Data entries:
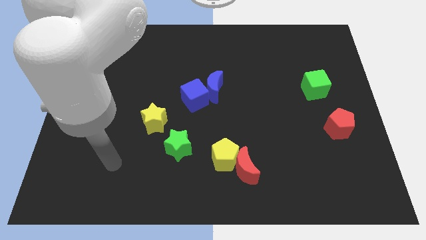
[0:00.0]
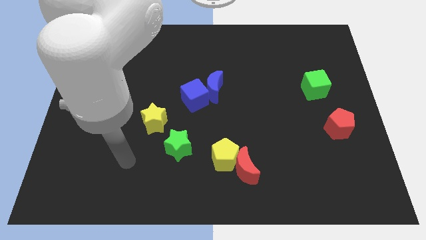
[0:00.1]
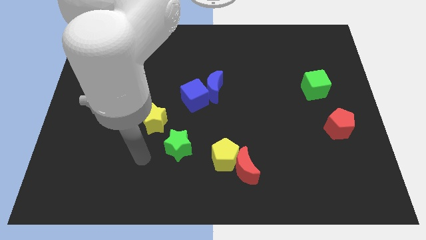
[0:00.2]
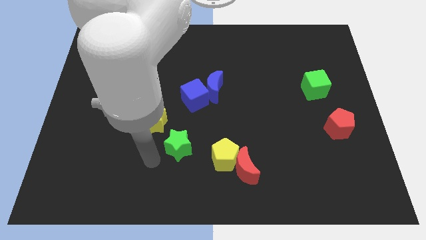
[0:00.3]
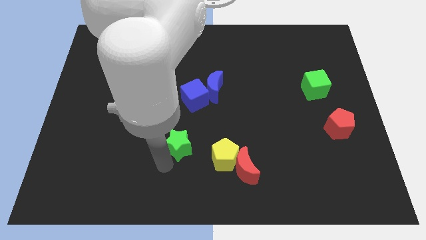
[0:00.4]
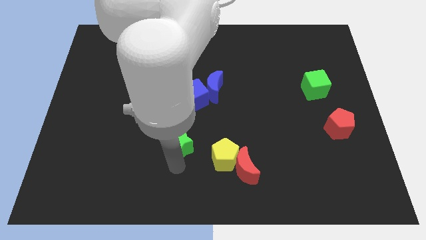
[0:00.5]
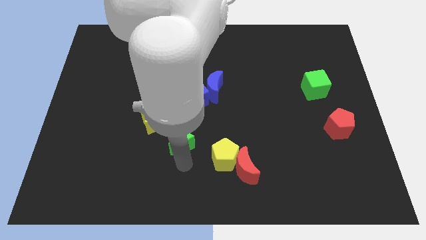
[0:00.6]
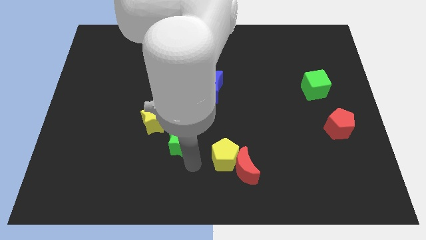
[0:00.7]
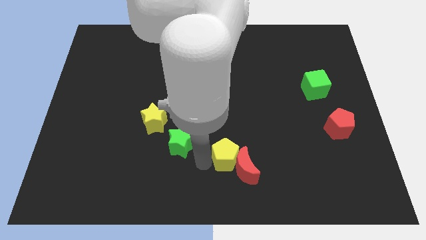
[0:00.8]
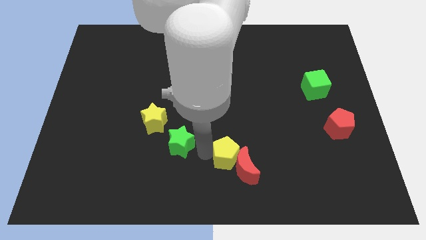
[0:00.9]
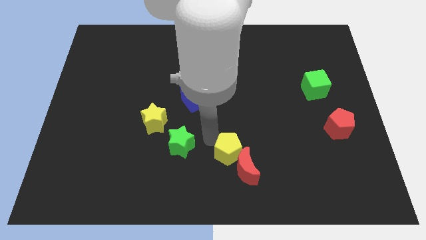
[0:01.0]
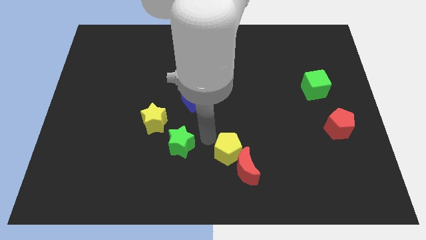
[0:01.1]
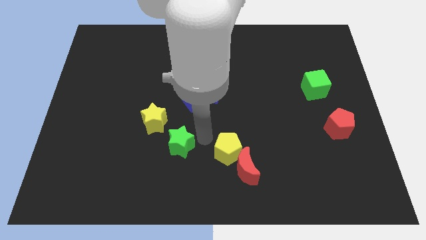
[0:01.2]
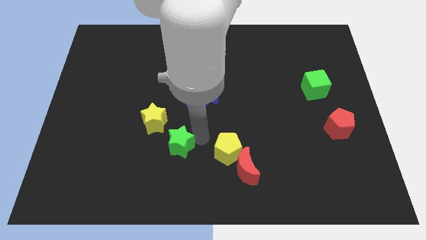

Prompt: I need the entries printed exactly, with each picture left out.

The completed task:
[0:00.0]
[0:00.1]
[0:00.2]
[0:00.3]
[0:00.4]
[0:00.5]
[0:00.6]
[0:00.7]
[0:00.8]
[0:00.9]
[0:01.0]
[0:01.1]
[0:01.2]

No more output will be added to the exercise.